> [Your task]
Retype each line of the material exactly, please, skipping any picture in it.

> [Source data]
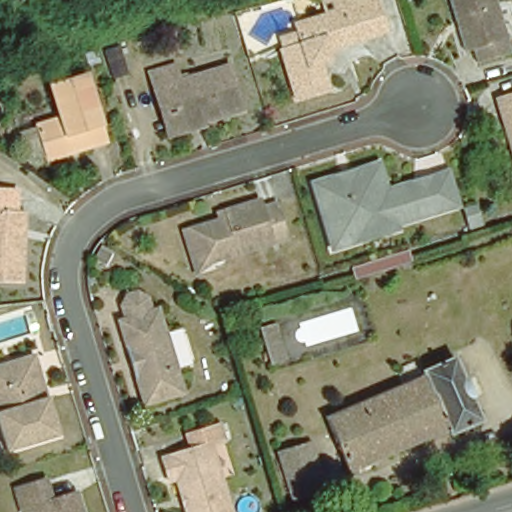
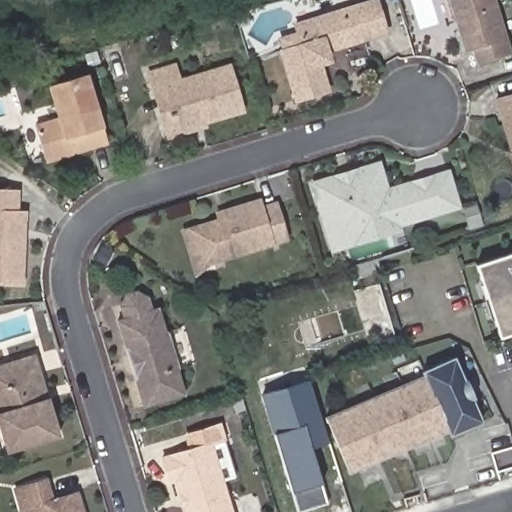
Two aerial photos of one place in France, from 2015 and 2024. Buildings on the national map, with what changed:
new [(326,17),(321,0),(377,0),(378,2),(326,17)]
unchanged [(507,48),(474,58),(470,44),(462,46),(448,0),(493,0),(507,48)]
unchanged [(320,64),(328,91),(296,100),(282,51),(301,45),(296,25),(378,2),(387,34),(327,51),(330,61),(320,64)]
unchanged [(168,144),(153,95),(147,77),(173,69),(179,86),(229,71),(243,115),(204,127),(206,132),(168,144)]
unchanged [(35,119),(59,112),(50,81),(85,70),(106,137),(46,156),(35,119)]
unchanged [(512,162),(492,99),(512,94),(512,162)]
unchanged [(355,246),(330,253),(310,187),(376,167),(384,194),(430,181),(445,177),(455,211),(440,215),(395,229),(396,233),(355,246)]
unchanged [(15,216),(19,216),(24,216),(23,241),(21,286),(0,286),(0,195),(16,196),(15,216)]
unchanged [(180,229),(188,227),(217,218),(215,211),(223,208),(258,198),(260,205),(274,201),(285,237),(210,259),(194,273),(180,229)]
new [(475,264),(512,252),(512,332),(498,336),(475,264)]
unchanged [(114,314),(120,312),(116,299),(122,288),(134,284),(145,290),(149,303),(155,301),(163,326),(162,326),(174,364),(175,364),(181,388),(140,400),(133,375),(122,340),(114,314)]
unchanged [(60,430),(7,445),(0,422),(0,359),(1,359),(35,349),(60,430)]
unchanged [(350,470),(329,416),(427,375),(425,371),(456,357),(482,421),(451,434),(449,430),(350,470)]
new [(314,450),(332,507),(318,512),(301,512),(265,400),(313,385),(331,444),(314,450)]
unchanged [(183,512),(174,482),(167,483),(160,459),(191,451),(187,436),(218,427),(223,442),(208,446),(229,512),(183,512)]
demolished [(314,437),(327,482),(290,493),(276,449),(314,437)]
unchanged [(46,486),(52,506),(77,499),(81,512),(33,512),(21,512),(16,494),(46,486)]

> [Reply]
Two aerial photos of one place in France, from 2015 and 2024. Buildings on the national map, with what changed:
new [(326,17),(321,0),(377,0),(378,2),(326,17)]
unchanged [(507,48),(474,58),(470,44),(462,46),(448,0),(493,0),(507,48)]
unchanged [(320,64),(328,91),(296,100),(282,51),(301,45),(296,25),(378,2),(387,34),(327,51),(330,61),(320,64)]
unchanged [(168,144),(153,95),(147,77),(173,69),(179,86),(229,71),(243,115),(204,127),(206,132),(168,144)]
unchanged [(35,119),(59,112),(50,81),(85,70),(106,137),(46,156),(35,119)]
unchanged [(512,162),(492,99),(512,94),(512,162)]
unchanged [(355,246),(330,253),(310,187),(376,167),(384,194),(430,181),(445,177),(455,211),(440,215),(395,229),(396,233),(355,246)]
unchanged [(15,216),(19,216),(24,216),(23,241),(21,286),(0,286),(0,195),(16,196),(15,216)]
unchanged [(180,229),(188,227),(217,218),(215,211),(223,208),(258,198),(260,205),(274,201),(285,237),(210,259),(194,273),(180,229)]
new [(475,264),(512,252),(512,332),(498,336),(475,264)]
unchanged [(114,314),(120,312),(116,299),(122,288),(134,284),(145,290),(149,303),(155,301),(163,326),(162,326),(174,364),(175,364),(181,388),(140,400),(133,375),(122,340),(114,314)]
unchanged [(60,430),(7,445),(0,422),(0,359),(1,359),(35,349),(60,430)]
unchanged [(350,470),(329,416),(427,375),(425,371),(456,357),(482,421),(451,434),(449,430),(350,470)]
new [(314,450),(332,507),(318,512),(301,512),(265,400),(313,385),(331,444),(314,450)]
unchanged [(183,512),(174,482),(167,483),(160,459),(191,451),(187,436),(218,427),(223,442),(208,446),(229,512),(183,512)]
demolished [(314,437),(327,482),(290,493),(276,449),(314,437)]
unchanged [(46,486),(52,506),(77,499),(81,512),(33,512),(21,512),(16,494),(46,486)]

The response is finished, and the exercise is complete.